The vertiginous fall in crude oil prices has forced many countries to cut taxes and levies on hydrocarbon production and exports, but India’s stiff imposts have only turned more onerous for explorers here.

As gathered by consultancy firm Wood Mackenzie, countries like the UK, US, Colombia, Australia, Russia, Kazakhstan and Argentina have in recent weeks given a helping hand to their oil producers and exporters through steps such as reduced export duty

and petroleum revenue taxes, removal of carbon tax and even cuts in the corporate tax rate.

However, with taxes and levies in India remaining the same while realisation from crude sales falls, oil producers here have no option but to slash capex plans. In the case of nominated blocks, for instance, the oil cess, which was raised 80% to Rs 4,500 per tonne in March 2012, accounts for a huge 25% of the gross realisation from sale of crude oil at present, with Brent crude at $36 per barrel. When crude was hovering around $100 per barrel in early 2004, the cess worked out to be only 10% of the gross realisation. Analysts suggest the cess could be made an ad valorem levy, given the volatility in the crude market.

India’s oil producers like ONGC and Cairn India, as reported by FE earlier, have cut capex plans given the depressed global oil prices which, many analysts believe, could plunge further given likely supply increases from the US, Russia and Iran. Many believe that state-run ONGC may put in abeyance further development of the much-touted deepwater block KG-DWN-98/2 in the Krishna Godavari basin, which entails an investment to the tune of $6-7 billion to pump out oil and gas by 2018. Similarly, Cairn India’s FY16 capex plan could be slashed by a steep 40%, in what could accelerate the fall in output from the country’s largest onshore oil block at Barmer in Rajasthan.

Exploration and production (E&P) players in India are subject to royalty, profit petroleum (for blocks auctioned under NELP regime), cess (for pre-NELP blocks and nominated blocks), service tax, VAT, and National Calamity Contigent Duty (NCCD) etc.

Of these, the cess has proved most onerous for the industry as it was hiked to Rs 4,500 per MT from Rs 2,500 per MT in March 2012. While the cess was  10% of the gross realisation when Brent crude was ruling above $100 per barrel, it is now close to a quarter of the realisation.

Industry (Development) Act, 1974, provides for collection of cess as a duty of excise on indigenous crude oil. Cess incurred by producers is not recoverable from refineries and thus forms part of the cost of production of crude oil. The cess was levied at Rs 60 per tonne in July 1974 and subsequently revised several times.

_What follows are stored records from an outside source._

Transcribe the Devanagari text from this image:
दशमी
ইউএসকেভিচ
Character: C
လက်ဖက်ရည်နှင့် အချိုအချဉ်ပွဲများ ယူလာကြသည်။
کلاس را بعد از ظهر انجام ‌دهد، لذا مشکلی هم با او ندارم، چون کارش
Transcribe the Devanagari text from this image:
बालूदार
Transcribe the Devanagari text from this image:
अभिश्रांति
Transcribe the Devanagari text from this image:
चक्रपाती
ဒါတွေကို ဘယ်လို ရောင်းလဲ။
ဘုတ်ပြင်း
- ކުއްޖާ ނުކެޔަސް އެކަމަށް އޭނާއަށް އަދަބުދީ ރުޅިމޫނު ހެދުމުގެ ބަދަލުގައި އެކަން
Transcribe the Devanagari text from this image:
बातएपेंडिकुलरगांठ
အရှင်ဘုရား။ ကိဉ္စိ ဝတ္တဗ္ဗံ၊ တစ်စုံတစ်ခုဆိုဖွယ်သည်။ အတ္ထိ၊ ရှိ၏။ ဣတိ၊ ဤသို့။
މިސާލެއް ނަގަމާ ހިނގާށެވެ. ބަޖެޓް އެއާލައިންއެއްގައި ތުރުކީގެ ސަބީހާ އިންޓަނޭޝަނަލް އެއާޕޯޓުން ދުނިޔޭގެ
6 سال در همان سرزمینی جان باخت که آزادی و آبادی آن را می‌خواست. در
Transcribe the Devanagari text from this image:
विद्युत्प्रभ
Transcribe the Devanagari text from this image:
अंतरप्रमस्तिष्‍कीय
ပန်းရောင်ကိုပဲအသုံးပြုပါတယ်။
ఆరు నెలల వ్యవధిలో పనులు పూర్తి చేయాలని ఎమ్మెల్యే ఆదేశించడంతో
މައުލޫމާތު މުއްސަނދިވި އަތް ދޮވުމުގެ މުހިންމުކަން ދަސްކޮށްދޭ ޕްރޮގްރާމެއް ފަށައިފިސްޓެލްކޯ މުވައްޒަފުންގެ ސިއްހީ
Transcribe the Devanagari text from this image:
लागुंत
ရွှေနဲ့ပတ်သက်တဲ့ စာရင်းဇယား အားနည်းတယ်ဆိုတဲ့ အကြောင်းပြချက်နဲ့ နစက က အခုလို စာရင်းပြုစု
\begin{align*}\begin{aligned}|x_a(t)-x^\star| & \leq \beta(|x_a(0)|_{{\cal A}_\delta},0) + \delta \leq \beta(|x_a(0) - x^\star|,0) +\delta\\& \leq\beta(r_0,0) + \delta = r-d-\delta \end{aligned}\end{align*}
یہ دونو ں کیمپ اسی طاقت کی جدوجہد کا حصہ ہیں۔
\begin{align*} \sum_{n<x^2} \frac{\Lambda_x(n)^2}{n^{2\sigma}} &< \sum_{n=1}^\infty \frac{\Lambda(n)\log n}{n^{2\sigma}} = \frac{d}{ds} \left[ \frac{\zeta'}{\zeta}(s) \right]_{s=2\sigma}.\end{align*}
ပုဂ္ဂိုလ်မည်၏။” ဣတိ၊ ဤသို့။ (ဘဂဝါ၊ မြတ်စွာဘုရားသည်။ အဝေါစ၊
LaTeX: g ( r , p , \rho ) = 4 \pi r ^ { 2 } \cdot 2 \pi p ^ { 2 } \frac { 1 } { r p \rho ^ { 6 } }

While NELP blocks, including Reliance Industries’ KG-D6 block on the east coast, are exempted from cess, pre-NELP discovered blocks like Panna-Mukta-Tapti and Ravva pay a fixed rate of cess of Rs 900 per tonne. Royalty is charged at 12.5% for crude oil from onland areas and 10% from offshore areas from the blocks awarded under NELP auction. The royalty on natural gas is levied at 10%.

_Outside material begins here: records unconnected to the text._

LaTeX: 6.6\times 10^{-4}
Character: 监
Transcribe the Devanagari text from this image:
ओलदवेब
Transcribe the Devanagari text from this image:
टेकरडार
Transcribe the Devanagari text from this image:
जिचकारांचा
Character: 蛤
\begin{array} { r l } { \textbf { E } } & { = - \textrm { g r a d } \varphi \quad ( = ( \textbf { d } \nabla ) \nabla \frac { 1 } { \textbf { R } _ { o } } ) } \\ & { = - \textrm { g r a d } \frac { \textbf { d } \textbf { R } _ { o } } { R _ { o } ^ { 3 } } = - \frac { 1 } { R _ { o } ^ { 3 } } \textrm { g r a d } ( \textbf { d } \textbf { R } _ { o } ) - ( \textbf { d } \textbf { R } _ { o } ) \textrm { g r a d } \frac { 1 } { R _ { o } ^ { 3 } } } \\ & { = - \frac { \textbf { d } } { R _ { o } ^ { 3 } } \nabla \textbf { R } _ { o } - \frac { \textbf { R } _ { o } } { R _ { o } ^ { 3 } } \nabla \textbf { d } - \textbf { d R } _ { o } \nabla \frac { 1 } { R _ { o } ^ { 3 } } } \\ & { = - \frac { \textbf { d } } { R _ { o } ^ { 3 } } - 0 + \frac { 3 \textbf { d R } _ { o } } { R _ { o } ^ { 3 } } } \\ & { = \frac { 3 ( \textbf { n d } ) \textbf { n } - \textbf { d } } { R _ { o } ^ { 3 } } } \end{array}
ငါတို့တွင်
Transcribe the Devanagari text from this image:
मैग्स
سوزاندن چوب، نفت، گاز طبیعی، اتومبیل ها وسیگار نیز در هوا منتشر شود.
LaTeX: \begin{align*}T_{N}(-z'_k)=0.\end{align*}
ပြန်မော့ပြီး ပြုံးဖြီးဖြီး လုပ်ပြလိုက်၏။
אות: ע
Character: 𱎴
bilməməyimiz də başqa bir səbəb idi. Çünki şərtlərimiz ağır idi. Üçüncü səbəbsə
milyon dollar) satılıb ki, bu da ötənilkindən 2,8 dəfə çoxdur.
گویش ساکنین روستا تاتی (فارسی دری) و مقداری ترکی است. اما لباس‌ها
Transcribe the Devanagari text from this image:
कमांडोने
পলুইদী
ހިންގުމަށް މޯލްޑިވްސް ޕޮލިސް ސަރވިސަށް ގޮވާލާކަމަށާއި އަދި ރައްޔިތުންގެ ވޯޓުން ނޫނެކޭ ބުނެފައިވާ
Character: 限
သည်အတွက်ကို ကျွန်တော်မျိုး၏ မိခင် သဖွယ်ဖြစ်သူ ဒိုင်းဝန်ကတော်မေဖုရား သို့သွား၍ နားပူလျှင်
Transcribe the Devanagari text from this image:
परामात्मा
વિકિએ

“This coupled with other levies and operational expenditure, which may not commensurately fall with oil prices, leaves very little at the net level for the affected players. Hence, it may be imperative to make cess an ad-valorem levy, which moves in line with the oil prices for the industry to make meaningful cash generation in this high-risk industry. Barring that, the firms may have to borrow to sustain capex or curtail the capex, both of which may not be in the interest of the industry and the country over the long term,” said K Ravichandran, senior VP and co-head, corporate sector ratings, Icra.

Officials told FE the petroleum ministry favoured levying cess on ad-valorem basis, although the finance ministry would have to take a final call.

“Oil explorers such as ONGC and Oil India have shared oil subsidy bill when crude oil prices were high. Now, the scenario has reversed and government may consider giving them sops as their revenues are hit after crude prices have plummeted to an 11-year low. In the short-term, the government may not have much leg room to offer tax sops, but it could reduce the royalty or cess rate,” said Salil Garg, director, India Ratings & Research. PetroFed, an association of oil and gas companies, recently wrote to revenue secretary Hasmukh Adhia and petroleum secretary KD Tripathi seeking levy of 8% cess on the price of crude oil realised.